*Work required*
In the entries below, find the line with "jedenfalls nicht ŭnterlassen" and the line with "nicht herleiten, zumal". Reproduce those two lines and every line between them exactly, and nothing more.

*Entries shown*
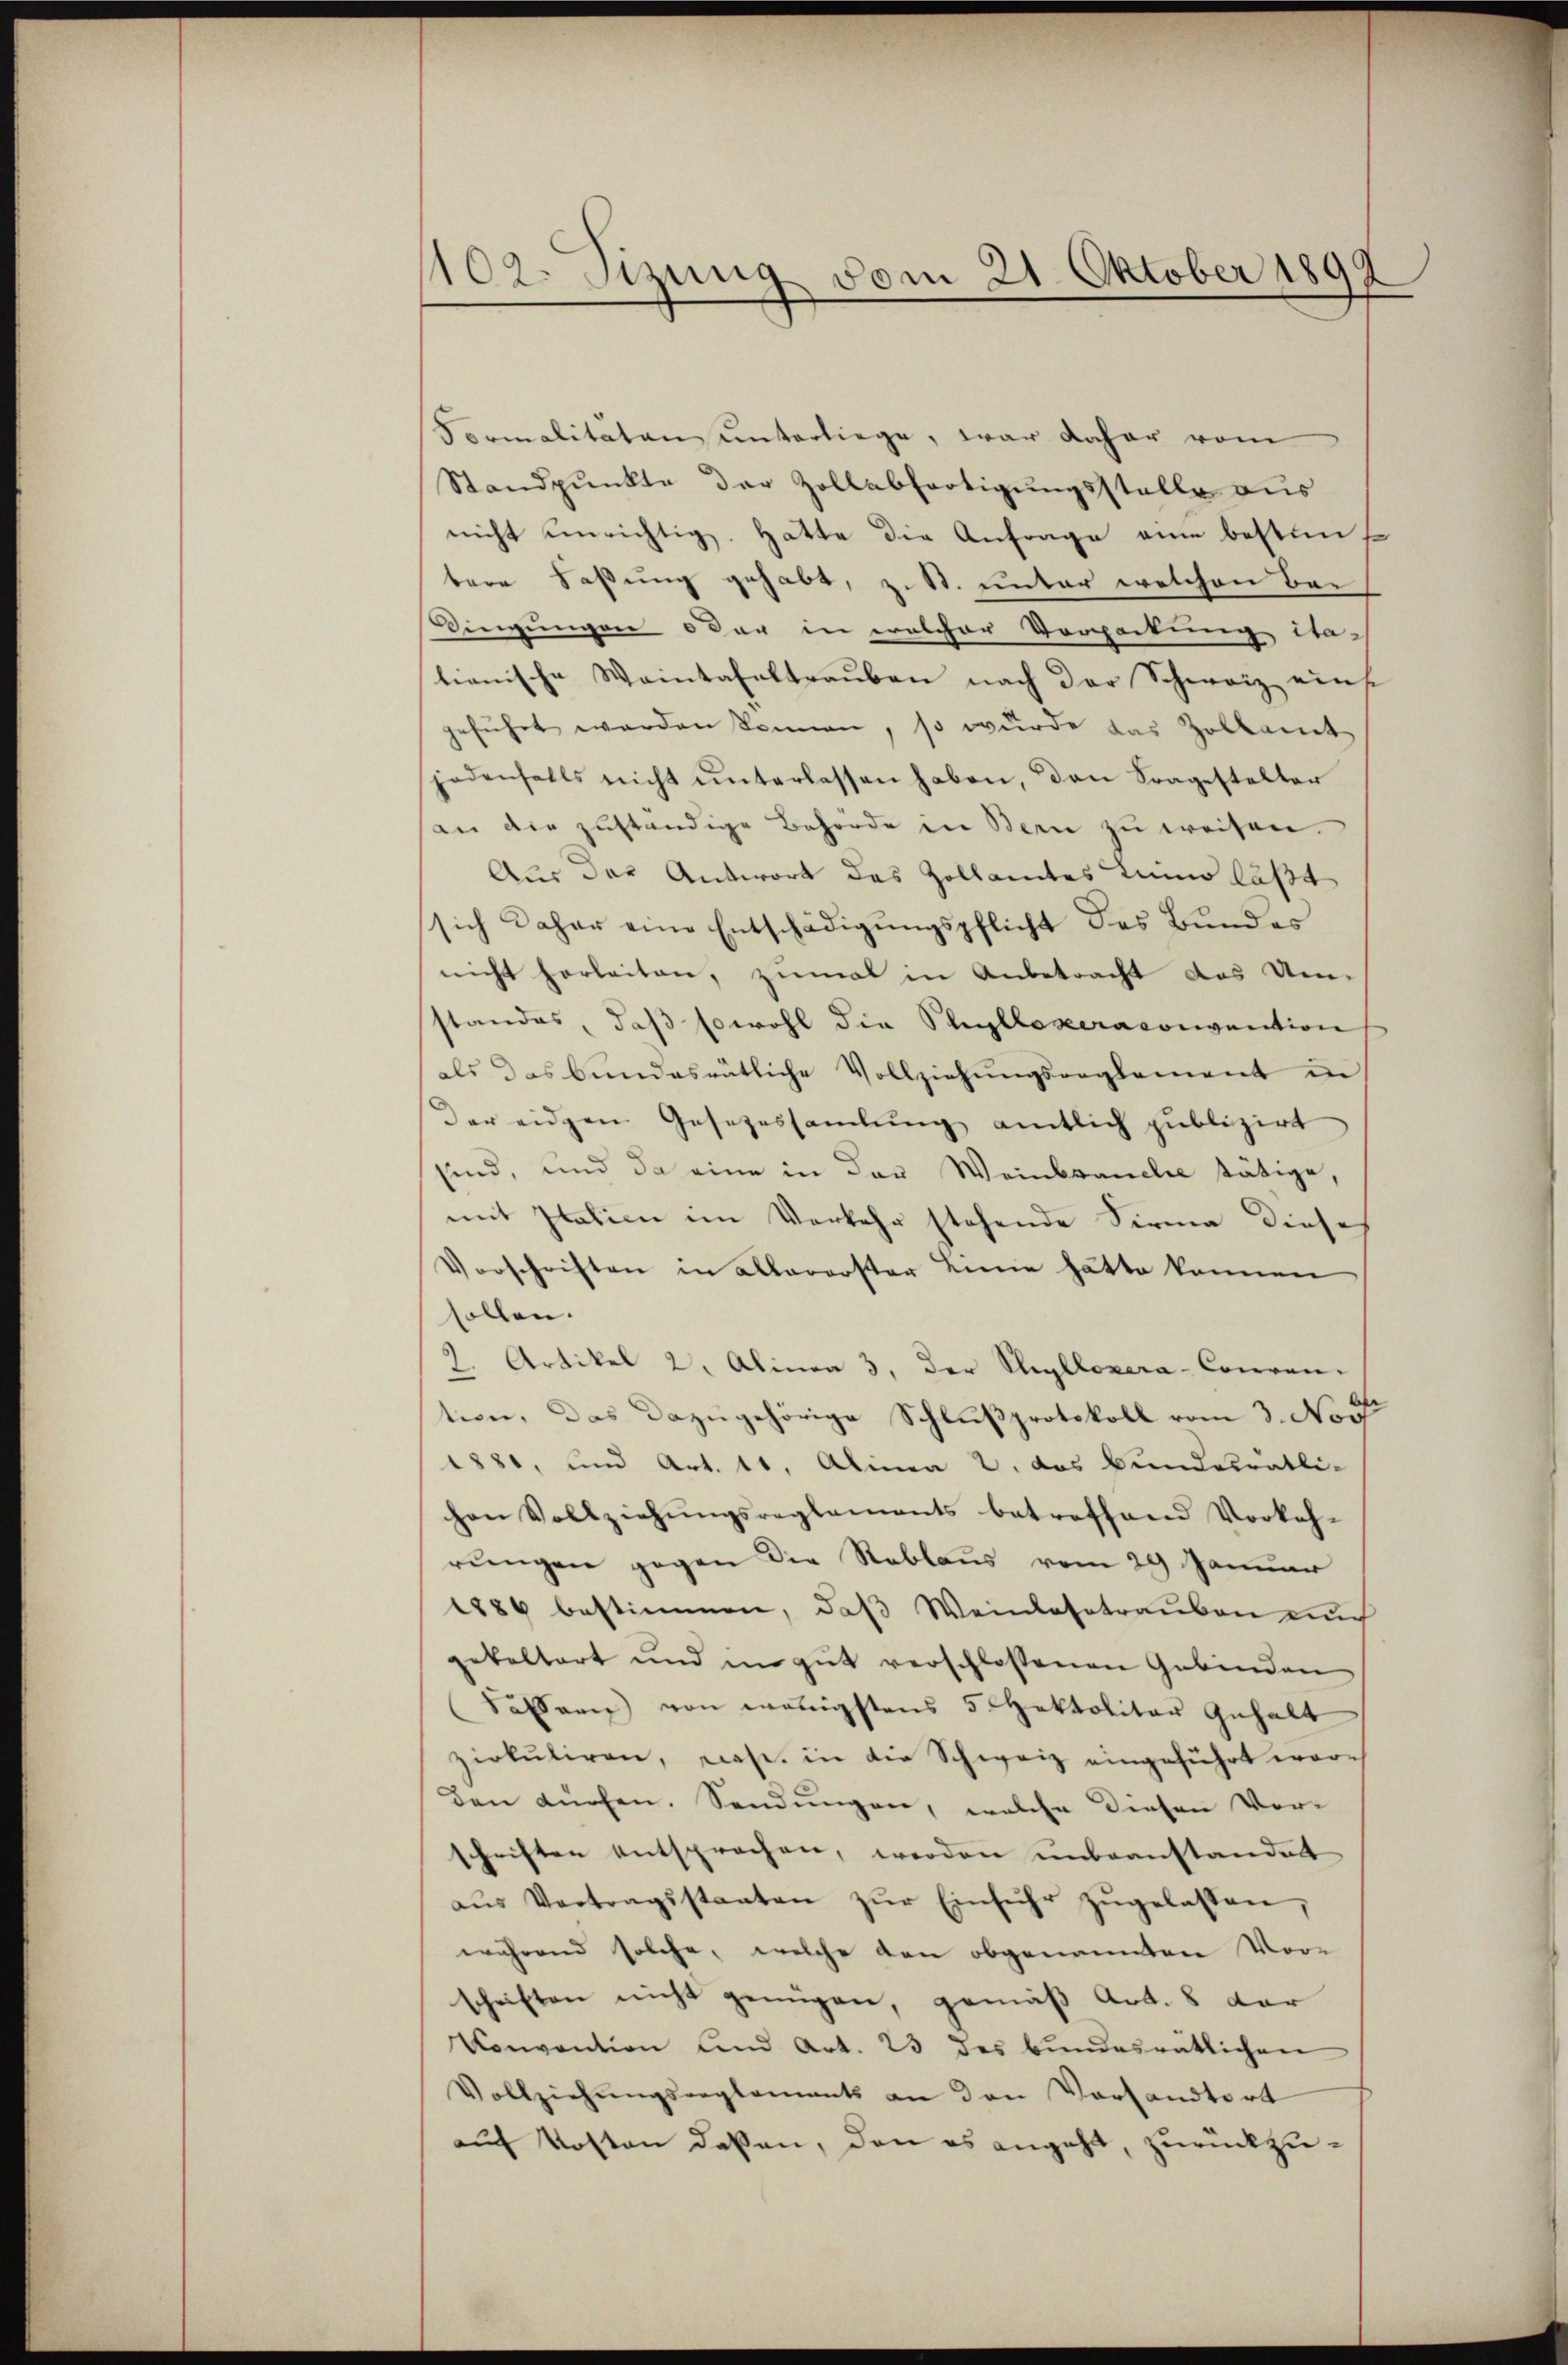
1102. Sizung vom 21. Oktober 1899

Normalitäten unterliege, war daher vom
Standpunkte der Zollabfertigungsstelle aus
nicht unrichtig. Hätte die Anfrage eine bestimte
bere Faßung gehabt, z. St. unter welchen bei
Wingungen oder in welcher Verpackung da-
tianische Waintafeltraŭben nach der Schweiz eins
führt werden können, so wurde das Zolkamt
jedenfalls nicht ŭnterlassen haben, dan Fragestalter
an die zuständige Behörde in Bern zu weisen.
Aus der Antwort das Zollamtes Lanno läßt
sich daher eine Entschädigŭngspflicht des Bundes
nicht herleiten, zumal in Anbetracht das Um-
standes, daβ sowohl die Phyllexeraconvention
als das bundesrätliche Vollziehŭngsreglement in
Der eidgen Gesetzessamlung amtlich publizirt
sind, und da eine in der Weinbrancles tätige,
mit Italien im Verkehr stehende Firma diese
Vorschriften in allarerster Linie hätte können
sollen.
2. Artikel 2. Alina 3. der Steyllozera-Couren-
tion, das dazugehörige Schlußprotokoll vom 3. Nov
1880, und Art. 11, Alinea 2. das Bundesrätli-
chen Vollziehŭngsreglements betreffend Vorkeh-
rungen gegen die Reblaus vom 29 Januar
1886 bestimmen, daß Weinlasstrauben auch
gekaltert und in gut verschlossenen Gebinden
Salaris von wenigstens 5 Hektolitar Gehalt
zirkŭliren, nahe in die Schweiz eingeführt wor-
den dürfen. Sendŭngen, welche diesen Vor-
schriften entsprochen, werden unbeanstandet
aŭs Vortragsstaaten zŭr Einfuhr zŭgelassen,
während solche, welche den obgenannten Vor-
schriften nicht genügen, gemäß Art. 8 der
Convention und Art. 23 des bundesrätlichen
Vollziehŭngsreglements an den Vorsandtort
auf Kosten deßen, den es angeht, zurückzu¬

==

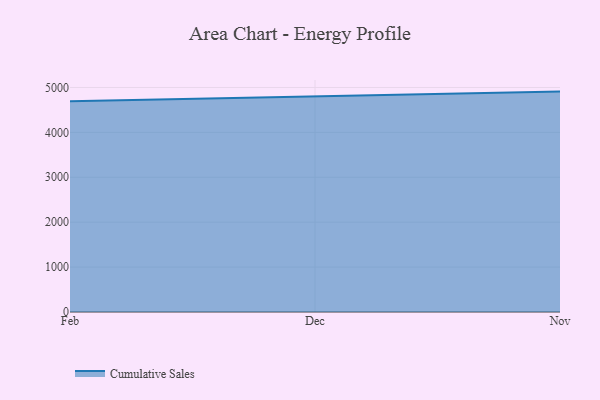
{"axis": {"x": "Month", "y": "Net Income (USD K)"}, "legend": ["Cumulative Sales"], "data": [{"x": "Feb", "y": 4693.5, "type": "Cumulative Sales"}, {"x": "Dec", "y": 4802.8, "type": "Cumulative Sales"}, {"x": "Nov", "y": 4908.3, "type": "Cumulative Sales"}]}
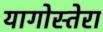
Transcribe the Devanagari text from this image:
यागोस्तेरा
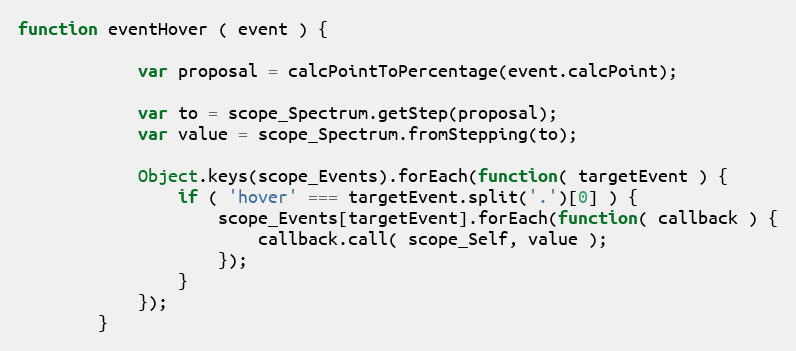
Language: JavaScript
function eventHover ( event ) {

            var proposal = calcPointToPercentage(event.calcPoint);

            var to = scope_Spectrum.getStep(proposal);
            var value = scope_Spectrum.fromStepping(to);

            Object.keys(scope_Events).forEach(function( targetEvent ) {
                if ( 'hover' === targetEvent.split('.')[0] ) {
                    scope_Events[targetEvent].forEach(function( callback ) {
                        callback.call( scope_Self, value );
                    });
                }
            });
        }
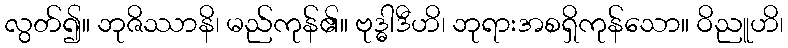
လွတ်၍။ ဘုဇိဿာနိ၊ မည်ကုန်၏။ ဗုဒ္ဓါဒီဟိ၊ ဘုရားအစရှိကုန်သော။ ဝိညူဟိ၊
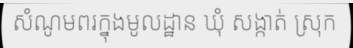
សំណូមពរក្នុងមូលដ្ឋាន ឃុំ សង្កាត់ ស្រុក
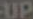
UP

*Result of this task*
jedenfalls nicht ŭnterlassen haben, dan Fragestalter
an die zuständige Behörde in Bern zu weisen.
Aus der Antwort das Zollamtes Lanno läßt
sich daher eine Entschädigŭngspflicht des Bundes
nicht herleiten, zumal in Anbetracht das Um-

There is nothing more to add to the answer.